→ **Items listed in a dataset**

****************************************

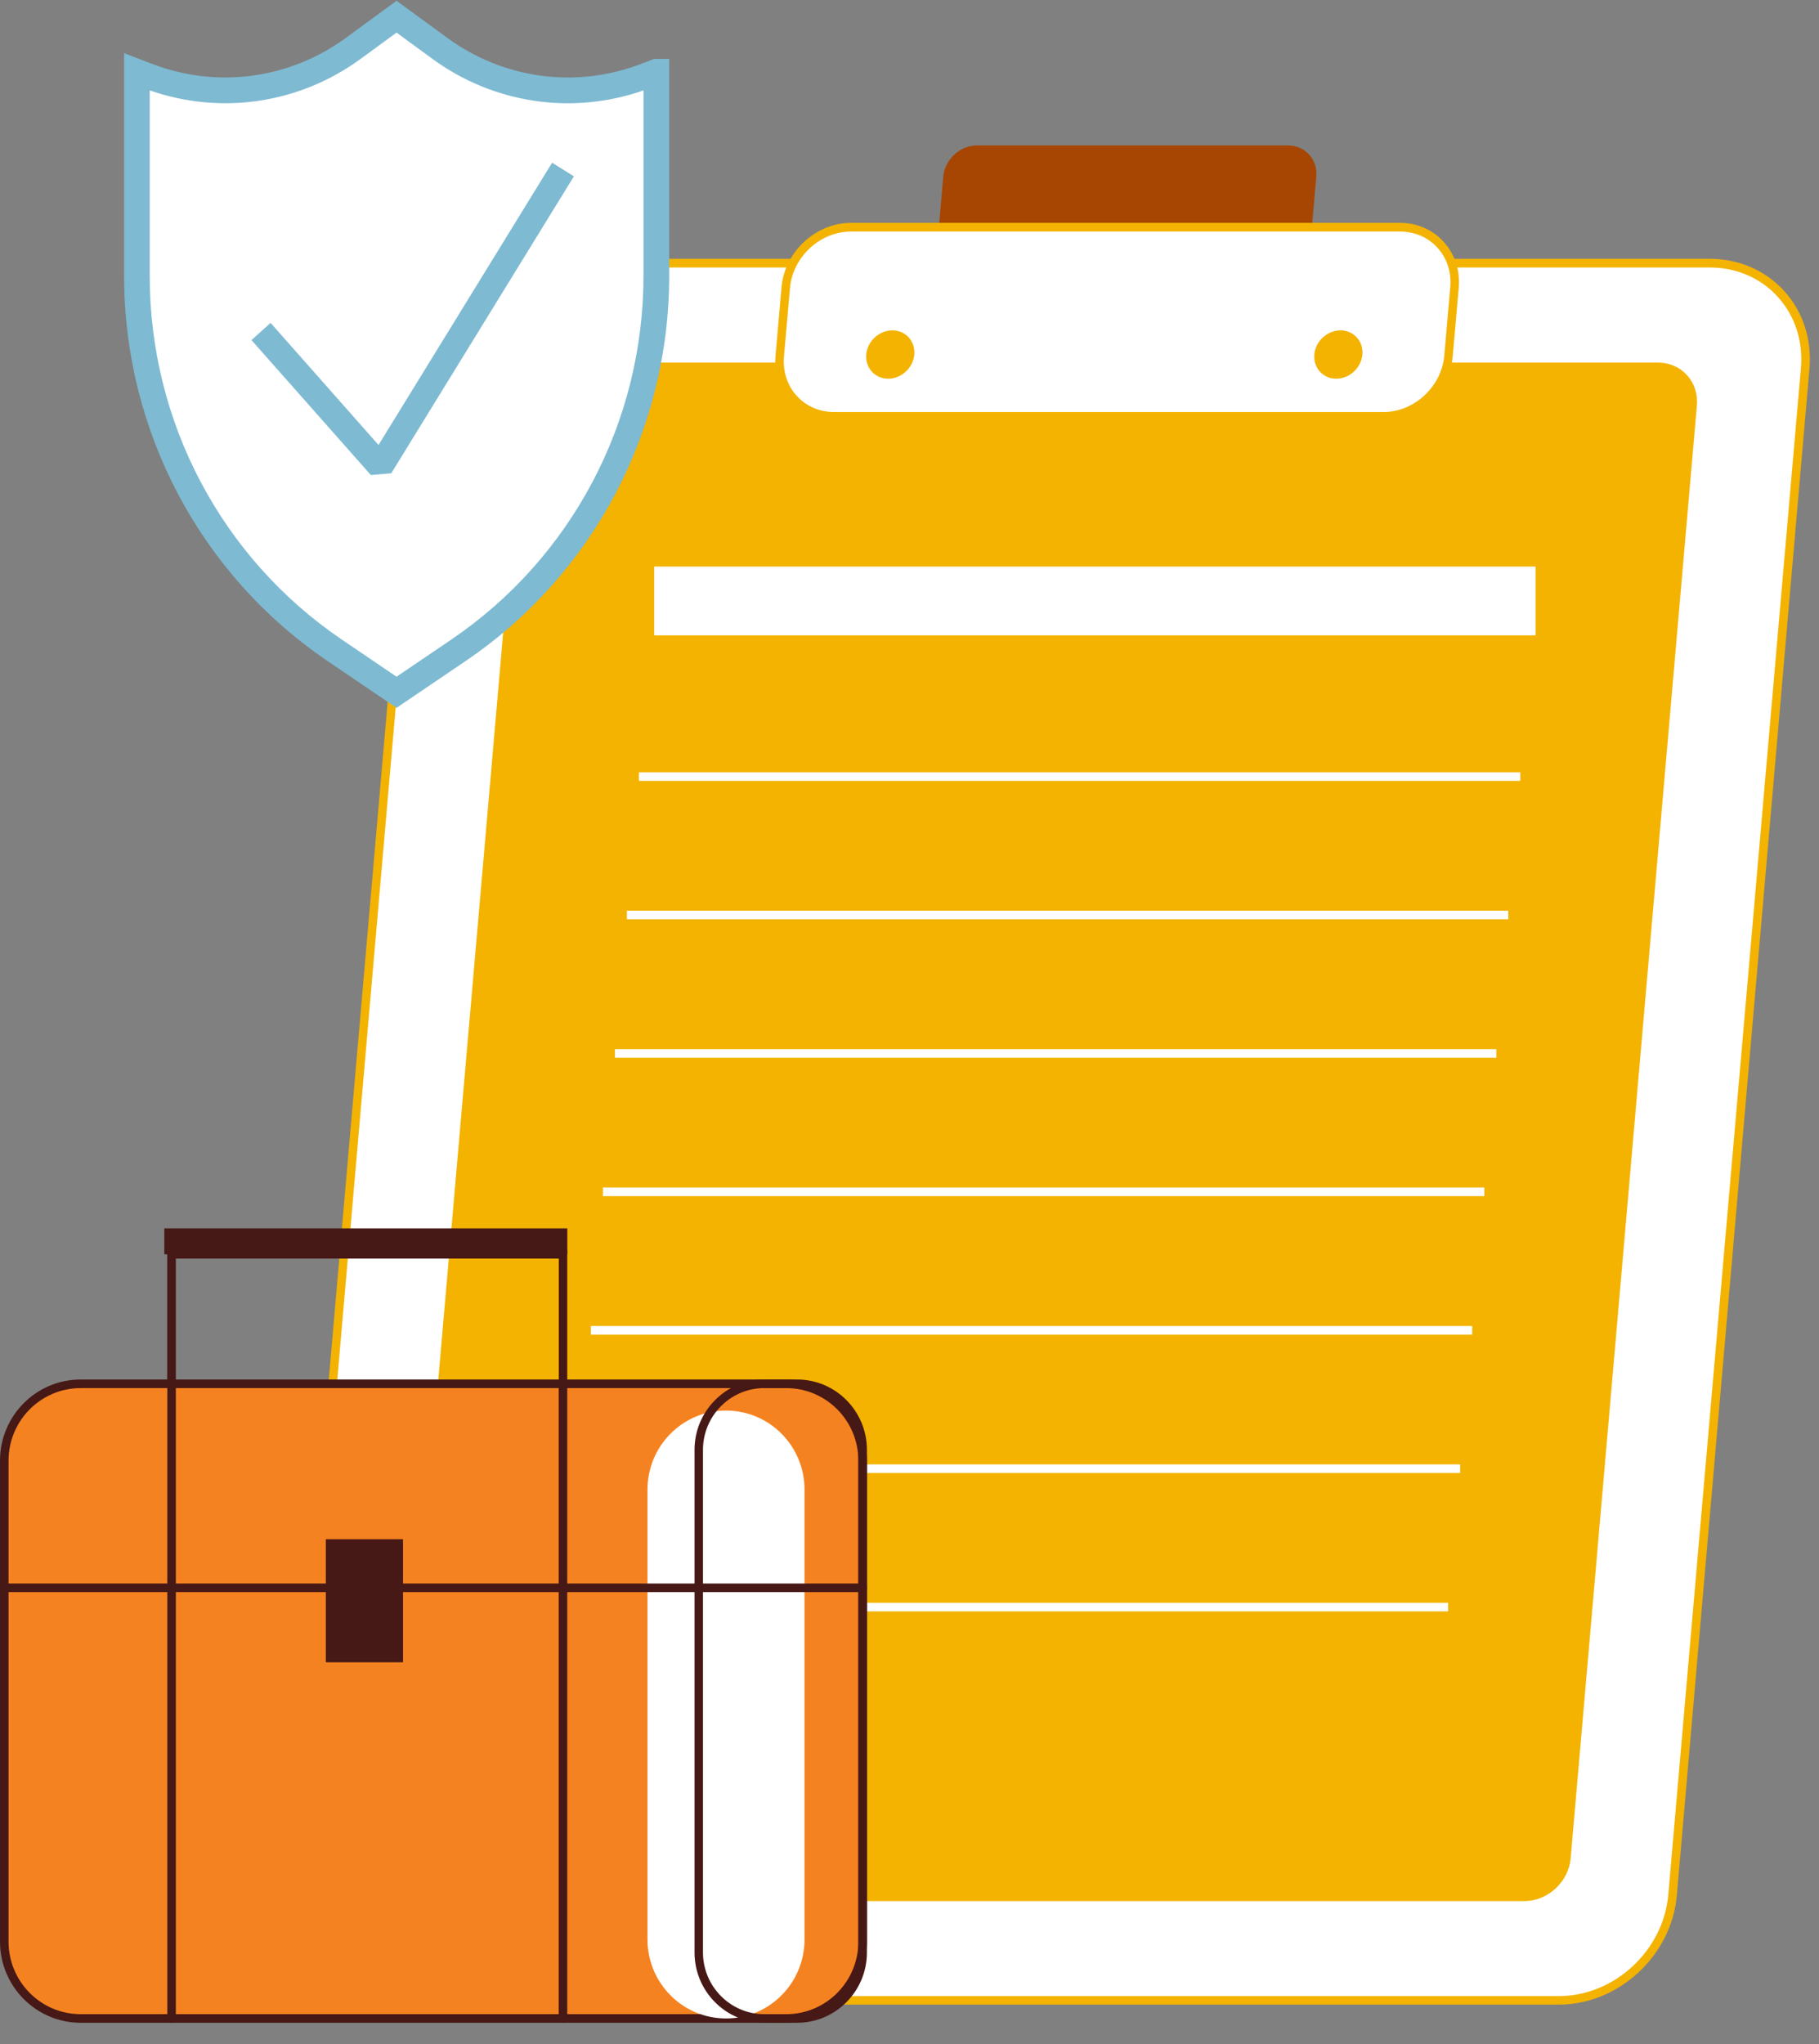 <svg width="73" height="82" viewBox="0 0 73 82" fill="none" xmlns="http://www.w3.org/2000/svg">
<rect x="0" y="0" width="73" height="82" fill="#808080" stroke="none"/>
<path d="M62.562 80.241H15.398C13.081 80.241 11.368 78.35 11.57 76.018L16.892 14.78C17.094 12.448 19.136 10.557 21.453 10.557H68.617C70.934 10.557 72.647 12.448 72.445 14.78L67.123 76.018C66.921 78.35 64.879 80.241 62.562 80.241Z" fill="white"/>
<path d="M62.563 80.413H15.398C14.233 80.413 13.174 79.955 12.417 79.126C11.656 78.292 11.296 77.184 11.399 76.001L16.721 14.763C16.93 12.348 19.054 10.382 21.453 10.382H68.618C69.783 10.382 70.841 10.841 71.599 11.668C72.359 12.504 72.719 13.611 72.617 14.794L67.295 76.032C67.086 78.447 64.961 80.413 62.563 80.413ZM21.453 10.73C19.226 10.73 17.255 12.555 17.06 14.798L11.738 76.035C11.646 77.118 11.975 78.133 12.667 78.895C13.356 79.654 14.325 80.072 15.395 80.072H62.559C64.787 80.072 66.757 78.247 66.952 76.004L72.274 14.767C72.366 13.683 72.037 12.669 71.345 11.907C70.656 11.148 69.687 10.73 68.618 10.73H21.453Z" fill="#F3B300"/>
<path d="M61.177 76.26H17.48C16.538 76.26 15.838 75.49 15.921 74.541L20.985 16.265C21.068 15.316 21.9 14.546 22.843 14.546H66.539C67.482 14.546 68.181 15.316 68.099 16.265L63.034 74.541C62.952 75.49 62.119 76.26 61.177 76.26Z" fill="#F3B300"/>
<path d="M51.266 10.703H38.783C38.098 10.703 37.587 10.144 37.649 9.45L37.854 7.087C37.916 6.397 38.519 5.835 39.208 5.835H51.691C52.377 5.835 52.887 6.394 52.825 7.087L52.62 9.45C52.558 10.14 51.955 10.703 51.266 10.703Z" fill="#A74602"/>
<path d="M55.516 16.703H33.489C32.16 16.703 31.177 15.619 31.293 14.281L31.533 11.538C31.649 10.199 32.821 9.116 34.151 9.116H56.177C57.507 9.116 58.49 10.199 58.374 11.538L58.134 14.281C58.017 15.619 56.846 16.703 55.516 16.703Z" fill="white"/>
<path d="M55.515 16.875H33.489C32.8 16.875 32.173 16.606 31.727 16.113C31.278 15.62 31.063 14.964 31.124 14.264L31.364 11.521C31.487 10.099 32.738 8.94 34.15 8.94H56.177C56.865 8.94 57.492 9.209 57.938 9.702C58.387 10.196 58.603 10.851 58.541 11.552L58.301 14.295C58.178 15.716 56.927 16.875 55.515 16.875ZM34.15 9.288C32.91 9.288 31.813 10.306 31.703 11.555L31.463 14.298C31.412 14.898 31.594 15.461 31.977 15.882C32.358 16.303 32.896 16.53 33.489 16.53H55.515C56.756 16.53 57.852 15.512 57.962 14.264L58.202 11.521C58.253 10.92 58.072 10.358 57.688 9.937C57.307 9.516 56.769 9.288 56.177 9.288H34.15Z" fill="#F3B300"/>
<path d="M36.693 14.222C36.645 14.757 36.176 15.192 35.645 15.192C35.113 15.192 34.719 14.757 34.764 14.222C34.809 13.687 35.281 13.253 35.812 13.253C36.344 13.253 36.738 13.687 36.693 14.222Z" fill="#F3B300"/>
<path d="M54.676 14.222C54.628 14.757 54.159 15.192 53.628 15.192C53.096 15.192 52.702 14.757 52.747 14.222C52.791 13.687 53.264 13.253 53.795 13.253C54.327 13.253 54.721 13.687 54.676 14.222Z" fill="#F3B300"/>
<path d="M61.625 22.727H26.255V25.487H61.625V22.727Z" fill="white"/>
<path d="M61.012 30.979H25.642V31.324H61.012V30.979Z" fill="white"/>
<path d="M60.529 36.531H25.159V36.876H60.529V36.531Z" fill="white"/>
<path d="M60.049 42.086H24.679V42.431H60.049V42.086Z" fill="white"/>
<path d="M59.567 47.637H24.197V47.982H59.567V47.637Z" fill="white"/>
<path d="M59.083 53.192H23.713V53.537H59.083V53.192Z" fill="white"/>
<path d="M58.599 58.743H23.229V59.088H58.599V58.743Z" fill="white"/>
<path d="M58.116 64.294H22.746V64.639H58.116V64.294Z" fill="white"/>
<path d="M22.764 56.722H6.71V50.142H22.764V56.722ZM7.056 56.377H22.425V50.487H7.056V56.377Z" fill="#461816"/>
<path d="M31.557 55.511H3.239C1.547 55.511 0.175 56.892 0.175 58.595V77.885C0.175 79.588 1.547 80.969 3.239 80.969H31.557C33.249 80.969 34.62 79.588 34.62 77.885V58.595C34.62 56.892 33.249 55.511 31.557 55.511Z" fill="#F58220"/>
<path d="M31.556 81.142H3.235C1.453 81.142 0 79.683 0 77.885V58.592C0 56.798 1.449 55.338 3.235 55.338H31.556C33.338 55.338 34.791 56.798 34.791 58.592V77.885C34.791 79.679 33.341 81.142 31.556 81.142ZM3.235 55.683C1.641 55.683 0.343 56.987 0.343 58.592V77.885C0.343 79.49 1.638 80.797 3.235 80.797H31.556C33.15 80.797 34.448 79.493 34.448 77.885V58.592C34.448 56.987 33.153 55.683 31.556 55.683H3.235Z" fill="#461816"/>
<path d="M29.138 56.584H29.135C27.395 56.584 25.985 58.003 25.985 59.754V77.799C25.985 79.55 27.395 80.969 29.135 80.969H29.138C30.877 80.969 32.287 79.55 32.287 77.799V59.754C32.287 58.003 30.877 56.584 29.138 56.584Z" fill="white"/>
<path d="M34.62 63.867H0.175C0.079 63.867 0.003 63.791 0.003 63.695C0.003 63.598 0.079 63.522 0.175 63.522H34.62C34.715 63.522 34.791 63.598 34.791 63.695C34.791 63.791 34.715 63.867 34.62 63.867Z" fill="#461816"/>
<path d="M6.885 81.142C6.789 81.142 6.714 81.066 6.714 80.97V55.511C6.714 55.414 6.789 55.338 6.885 55.338C6.981 55.338 7.056 55.414 7.056 55.511V80.97C7.056 81.066 6.981 81.142 6.885 81.142Z" fill="#461816"/>
<path d="M22.592 81.142C22.496 81.142 22.421 81.066 22.421 80.97V55.511C22.421 55.414 22.496 55.338 22.592 55.338C22.688 55.338 22.764 55.414 22.764 55.511V80.97C22.764 81.066 22.688 81.142 22.592 81.142Z" fill="#461816"/>
<path d="M16.174 61.745H13.076V66.682H16.174V61.745Z" fill="#461816"/>
<path d="M31.992 81.142H30.672C29.127 81.142 27.873 79.876 27.873 78.323V58.157C27.873 56.605 29.131 55.338 30.672 55.338H31.992C33.537 55.338 34.791 56.605 34.791 58.157V78.323C34.791 79.879 33.534 81.142 31.992 81.142ZM30.669 55.683C29.316 55.683 28.212 56.794 28.212 58.157V78.323C28.212 79.686 29.316 80.797 30.669 80.797H31.988C33.342 80.797 34.445 79.686 34.445 78.323V58.157C34.445 56.794 33.342 55.683 31.988 55.683H30.669Z" fill="#461816"/>
<path d="M22.767 49.276H6.594V50.315H22.767V49.276Z" fill="#461816"/>
<path d="M26.341 2.881V11.065C26.341 17.092 23.363 22.727 18.398 26.09L15.917 27.774L13.437 26.09C8.475 22.727 5.497 17.092 5.497 11.065V2.881L5.929 3.047C8.691 4.102 11.795 3.685 14.187 1.936L15.917 0.67L17.648 1.936C20.04 3.685 23.144 4.102 25.906 3.047L26.338 2.881H26.341Z" fill="white"/>
<path d="M15.914 28.395L13.146 26.518C8.033 23.051 4.98 17.275 4.98 11.065V2.132L6.107 2.564C8.715 3.561 11.621 3.171 13.882 1.518L15.914 0.031L17.95 1.518C20.208 3.171 23.114 3.564 25.725 2.564L26.246 2.364H26.856V2.881V11.065C26.856 17.275 23.802 23.054 18.683 26.518L15.914 28.395ZM6.008 3.63V11.065C6.008 16.93 8.893 22.385 13.721 25.659L15.914 27.146L18.107 25.659C22.939 22.385 25.824 16.93 25.824 11.065V3.626C22.959 4.627 19.807 4.158 17.343 2.353L15.914 1.308L14.485 2.353C12.021 4.158 8.872 4.623 6.008 3.626V3.63Z" fill="#7EBAD2"/>
<path d="M14.882 19.055L10.092 13.642L10.859 12.952L15.191 17.851L22.157 6.528L23.031 7.073L15.701 18.986L14.882 19.055Z" fill="#7EBAD2"/>
</svg>

****************************************

→ **Work order**
Output exactly the lines from the first line of the records through the line containing "80.241H15.398C13.081 80.241 11.368". Leave out every picture.

→ **Output**
 <svg width="73" height="82" viewBox="0 0 73 82" fill="none" xmlns="http://www.w3.org/2000/svg">
<rect x="0" y="0" width="73" height="82" fill="#808080" stroke="none"/>
<path d="M62.562 80.241H15.398C13.081 80.241 11.368 78.35 11.57 76.018L16.892 14.78C17.094 12.448 19.136 10.557 21.453 10.557H68.617C70.934 10.557 72.647 12.448 72.445 14.78L67.123 76.018C66.921 78.35 64.879 80.241 62.562 80.241Z" fill="white"/>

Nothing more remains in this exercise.